PROBLEM TO SOLVE. Gather all lines from the material that contain the word "video".

─── INFORMATION PROVIDED ───

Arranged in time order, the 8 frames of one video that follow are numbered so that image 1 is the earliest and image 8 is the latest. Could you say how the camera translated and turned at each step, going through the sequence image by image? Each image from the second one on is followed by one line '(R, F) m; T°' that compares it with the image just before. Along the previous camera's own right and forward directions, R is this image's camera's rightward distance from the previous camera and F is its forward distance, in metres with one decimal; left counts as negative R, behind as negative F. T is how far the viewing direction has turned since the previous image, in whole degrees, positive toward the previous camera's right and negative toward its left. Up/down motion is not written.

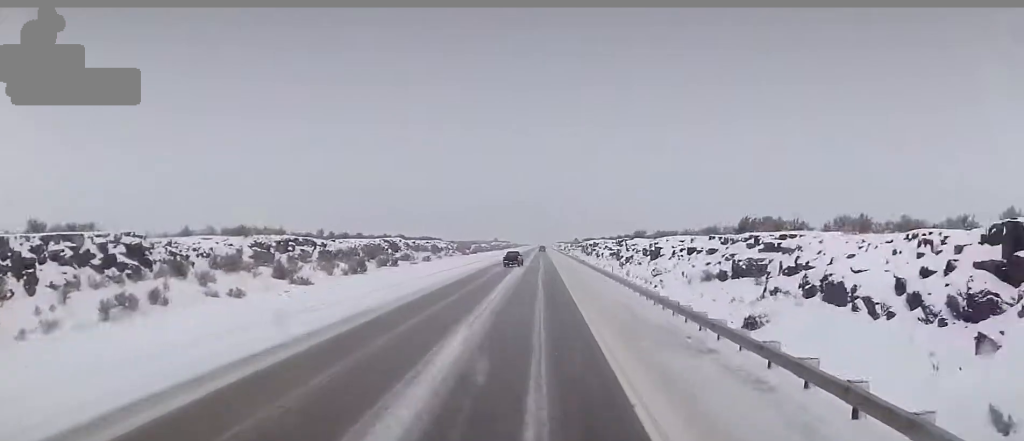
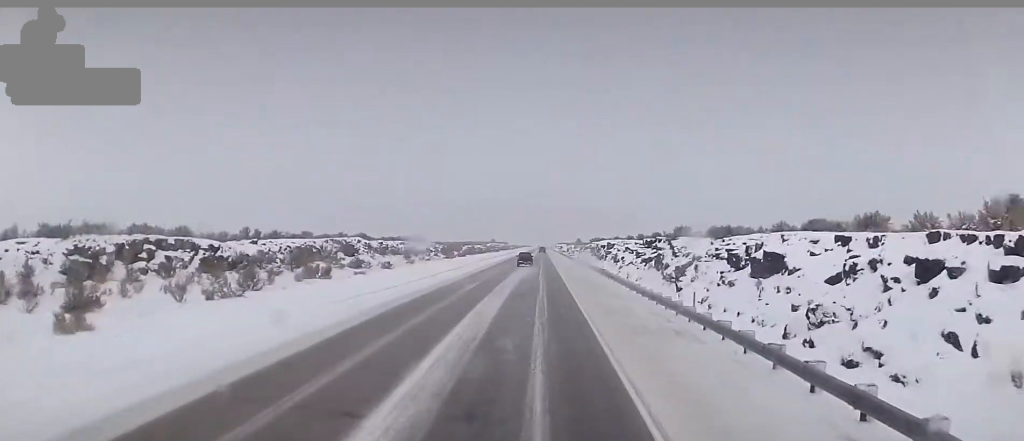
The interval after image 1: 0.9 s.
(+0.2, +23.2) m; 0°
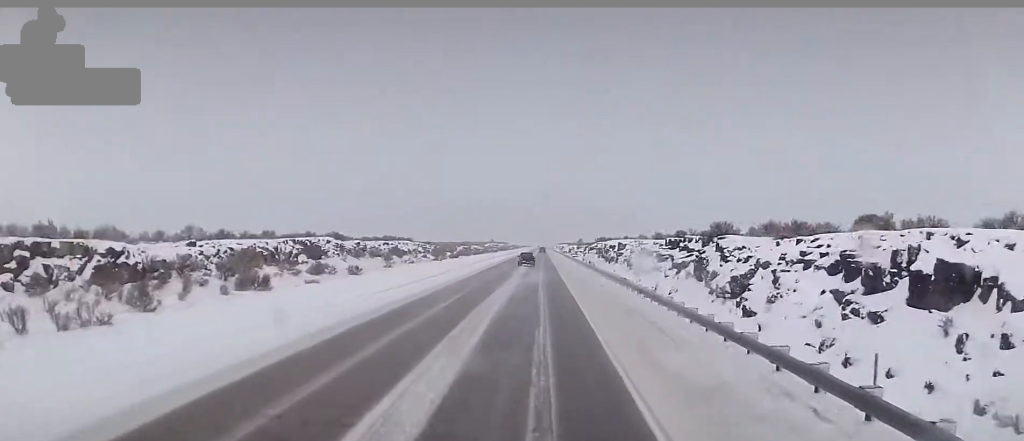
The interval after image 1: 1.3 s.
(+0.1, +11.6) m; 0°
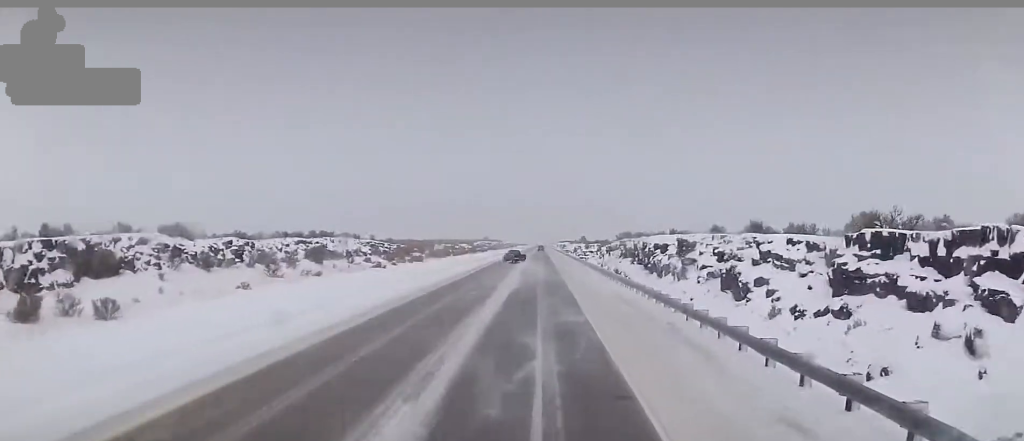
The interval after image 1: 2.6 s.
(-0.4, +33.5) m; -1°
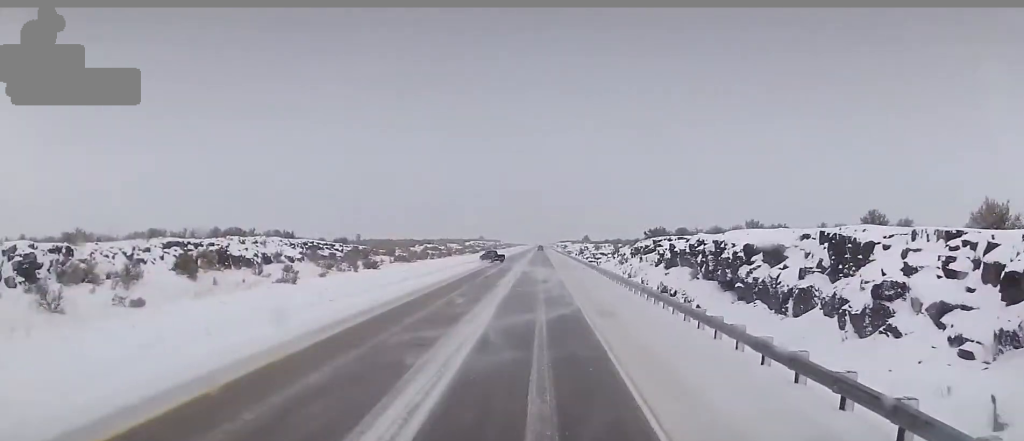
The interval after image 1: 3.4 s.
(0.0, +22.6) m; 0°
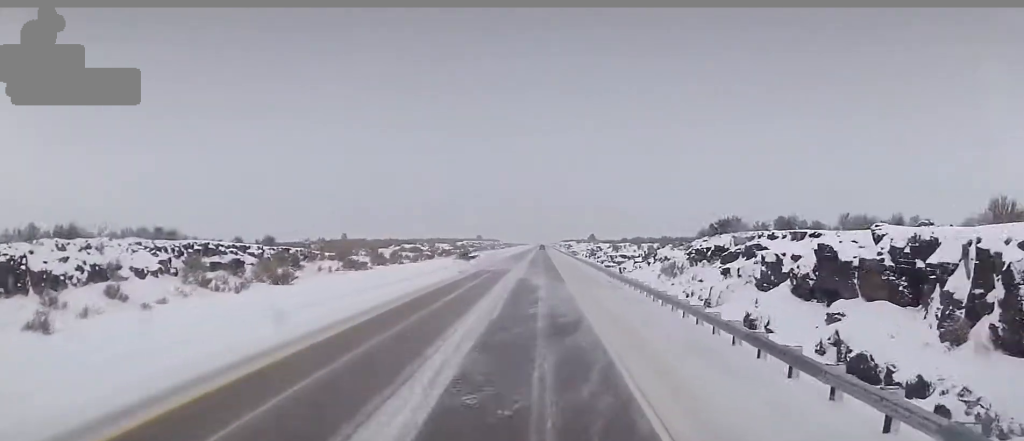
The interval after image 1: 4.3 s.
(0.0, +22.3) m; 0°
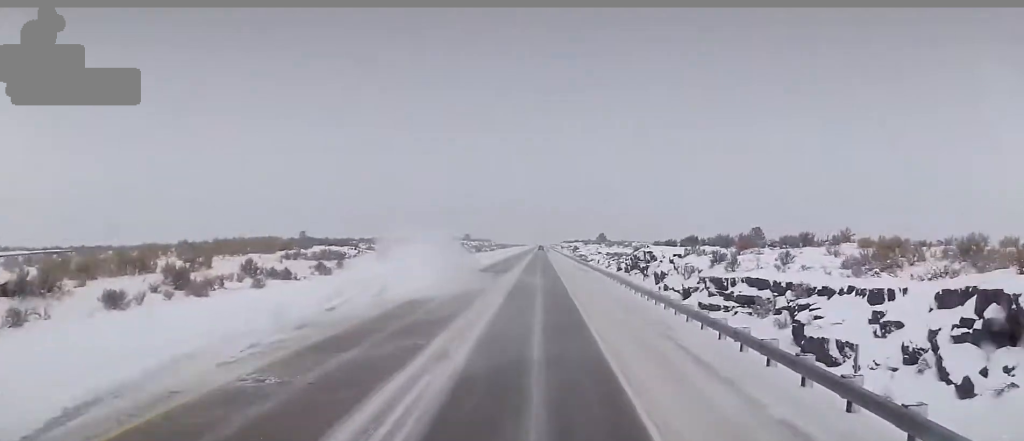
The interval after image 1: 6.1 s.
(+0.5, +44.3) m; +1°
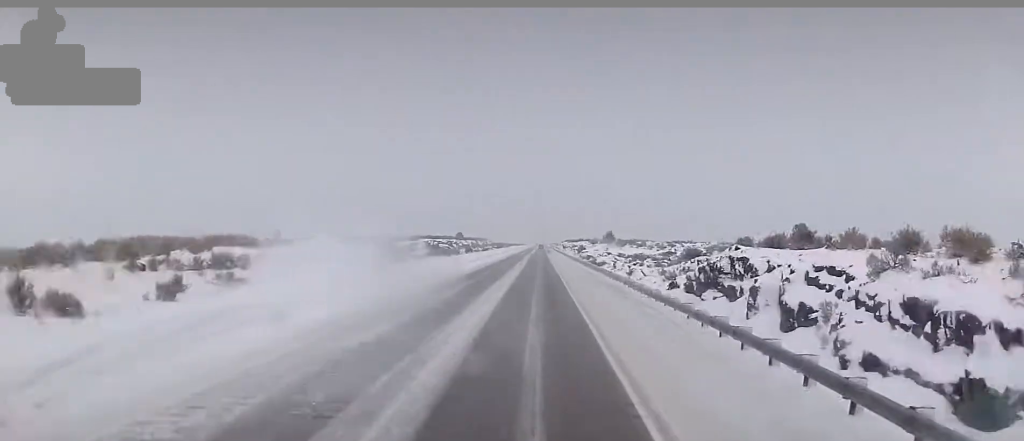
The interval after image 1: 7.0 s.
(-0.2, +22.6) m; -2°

───
─── INFORMATION PROVIDED ───

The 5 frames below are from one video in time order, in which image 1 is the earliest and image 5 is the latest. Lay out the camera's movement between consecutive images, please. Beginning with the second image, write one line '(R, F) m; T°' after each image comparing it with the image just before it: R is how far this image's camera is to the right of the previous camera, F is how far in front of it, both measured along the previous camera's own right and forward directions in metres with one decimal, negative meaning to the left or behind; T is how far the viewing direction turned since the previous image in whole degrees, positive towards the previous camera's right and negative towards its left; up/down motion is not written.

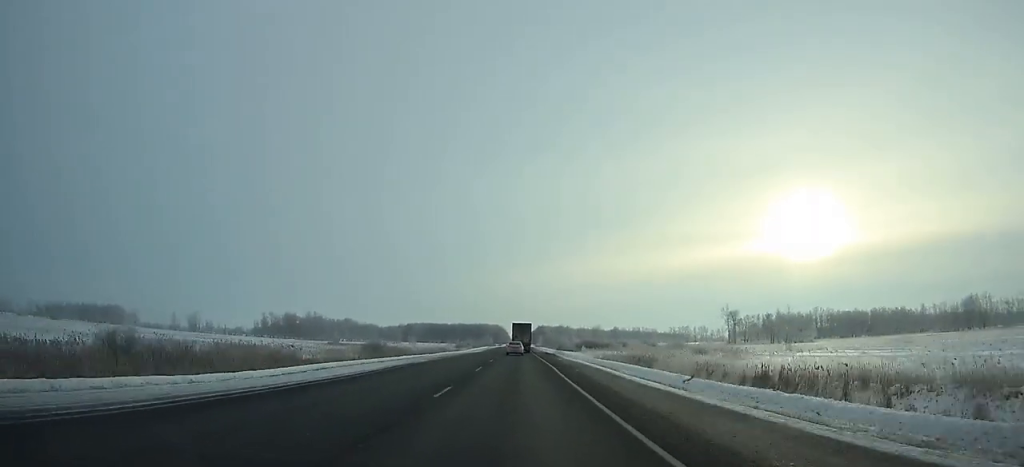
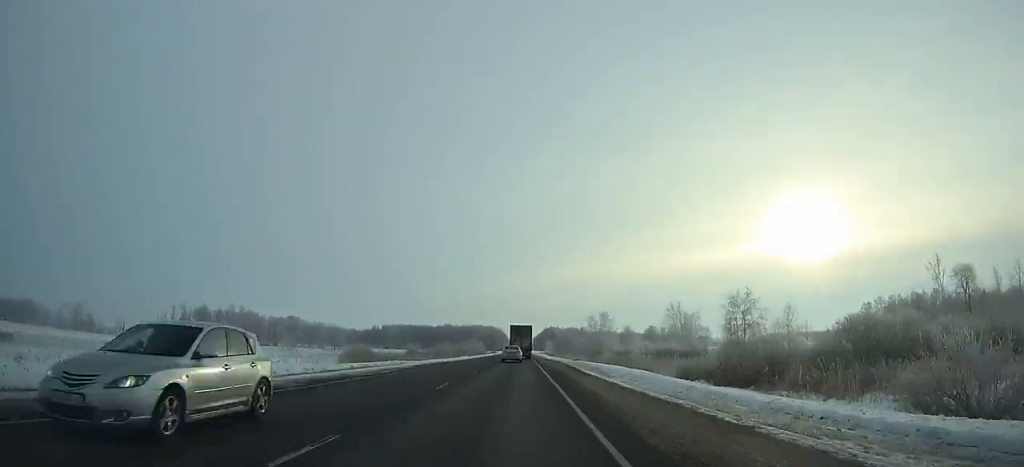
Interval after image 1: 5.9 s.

───

COMPLETED TASK.
Arranged in time order, the 8 frames of one video that follow are numbered so that image 1 is the earliest and image 8 is the latest. Could you say how the camera translated and turned at each step, going through the sequence image by image? Each image from the second one on is followed by one line '(R, F) m; T°' that compares it with the image just before. Along the previous camera's own right and forward directions, R is this image's camera's rightward distance from the previous camera and F is its forward distance, in metres with one decimal; left counts as negative R, behind as negative F. T is how far the viewing direction has turned since the previous image, in whole degrees, positive toward the previous camera's right and negative toward its left. Up/down motion is not written.
The 5 frames below are from one video in time order, in which image 1 is the earliest and image 5 is the latest. Lay out the camera's movement between consecutive images, please. Beginning with the second image, write one line '(R, F) m; T°' after each image comparing it with the image just before it: R is how far this image's camera is to the right of the previous camera, F is how far in front of it, both measured along the previous camera's own right and forward directions in metres with one decimal, negative meaning to the left or behind; T is how far the viewing direction turned since the previous image in whole degrees, positive towards the previous camera's right and negative towards its left; up/down motion is not written.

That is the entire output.